City of Seattle - City Light Department (Seattle City Light) keeps guitars humming and coffee grinders running in the Seattle metropolitan area. The US's 10th largest municipally owned power company, Seattle City Light transmits and distributes electricity to almost 1 million residential, commercial, industrial, and government customers and owns hydroelectric power plants with more than 1,800 MW of generation capacity. The utility also purchases power from the Bonneville Power Administration and other generators, and it sells power to wholesale customers.
The Seattle City Light service area includes all of the City of Seattle, portions of the cities of Burien, Tukwila, SeaTac, Shoreline, Lake Forest Park and Renton, as well as parts of unincorporated King County.

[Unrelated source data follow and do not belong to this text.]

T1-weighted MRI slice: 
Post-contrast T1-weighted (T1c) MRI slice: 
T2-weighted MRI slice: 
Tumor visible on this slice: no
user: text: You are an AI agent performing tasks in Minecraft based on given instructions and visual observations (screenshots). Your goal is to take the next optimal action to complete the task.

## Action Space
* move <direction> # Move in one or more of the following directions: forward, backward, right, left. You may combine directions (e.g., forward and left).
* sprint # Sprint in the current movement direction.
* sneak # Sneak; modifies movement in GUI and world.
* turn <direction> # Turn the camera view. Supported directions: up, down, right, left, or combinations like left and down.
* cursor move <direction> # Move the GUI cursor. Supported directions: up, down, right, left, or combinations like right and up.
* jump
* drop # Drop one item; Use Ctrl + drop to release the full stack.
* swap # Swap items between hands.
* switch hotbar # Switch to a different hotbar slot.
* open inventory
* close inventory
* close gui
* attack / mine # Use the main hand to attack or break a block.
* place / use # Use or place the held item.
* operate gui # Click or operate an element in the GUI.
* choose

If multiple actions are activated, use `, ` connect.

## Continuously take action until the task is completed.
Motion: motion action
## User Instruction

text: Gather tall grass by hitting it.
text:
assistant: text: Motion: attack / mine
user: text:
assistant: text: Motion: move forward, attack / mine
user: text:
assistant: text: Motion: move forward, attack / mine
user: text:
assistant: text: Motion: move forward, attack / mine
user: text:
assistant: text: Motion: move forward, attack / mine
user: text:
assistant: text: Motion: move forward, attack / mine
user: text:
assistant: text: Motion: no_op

The company owns and operates generating, transmission, and distribution facilities and supplies electricity to 408,000 customer meters in Seattle and certain surrounding communities. It also supplies electrical energy to other City agencies at rates prescribed by City ordinances.
Seattle City Light reported a revenue increase of 5% (to $842.2) in 2013 primarily due to increased retail power revenues stemming from a 4% rate increase and a 1.2% Bonneville Power Administration pass-through rate adjustment.

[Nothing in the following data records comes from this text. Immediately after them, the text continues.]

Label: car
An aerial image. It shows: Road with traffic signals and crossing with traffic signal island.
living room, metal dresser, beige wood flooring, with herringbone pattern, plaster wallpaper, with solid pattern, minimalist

It net income increased that year due to higher retail power sales, rate stabilization account unearned revenue transferred-in, power related revenues, and capital contributions. These were partially offset by higher expenses for generation, customer service, administrative and general, taxes, depreciation, interest, and lower investment earnings.
In 2013, Seattle City Light’s operating cash inflow decreased to $229.7 (from $243.5 million in 2012) was due to higher tax paid and increased cash paid to a supplier.
The company's long term objective is to continue to secure reliable, low-cost, and environmentally-sensitive power for its customers. To lower costs the utility is pushing its customers to conserve by taking green energy options such as installing more energy-efficient appliances and by buying renewable energy credits (allowing customers to pay for slightly higher costs of integrating renewable energy into the region's power grid).
Seattle City Light's six-year strategic plan, adopted in 2012, calls for an annual rate increase of 4.7% to pay for expanding Seattle City Light's infrastructure and services, including building its first electric substation for 30 years.
In 2013 the company added two new service request types to the “Find It, Fix It” smartphone app, enabling Smartphone to report illegal dumping and streetlight outages, in addition to its existing features for reporting abandoned vehicles, graffiti, potholes and parking enforcement issues.
That year Seattle City Light and the Seattle Aquarium announced the start of construction for the largest solar array at any aquarium on the West Coast as part of the utility's Community Solar and Green Up programs. The $330,000 system will cover a large portion of the south side of the Seattle Aquarium's roof. Most of its 247 solar panels will produce electricity on behalf of City Light customers who want to buy solar power through the utility's Community Solar program. The rest of the panels are being installed as a demonstration project through the utility's voluntary Green Up renewable energy program with the electricity produced helping to power the Aquarium's operations.
Evolving from several neighborhood electric companies that began serving Seattle in 1886, Seattle City Light was created in 1910 to power the city's streetlights. In 2005 the electric utility became the first in the US to become greenhouse gas neutral in its power generation.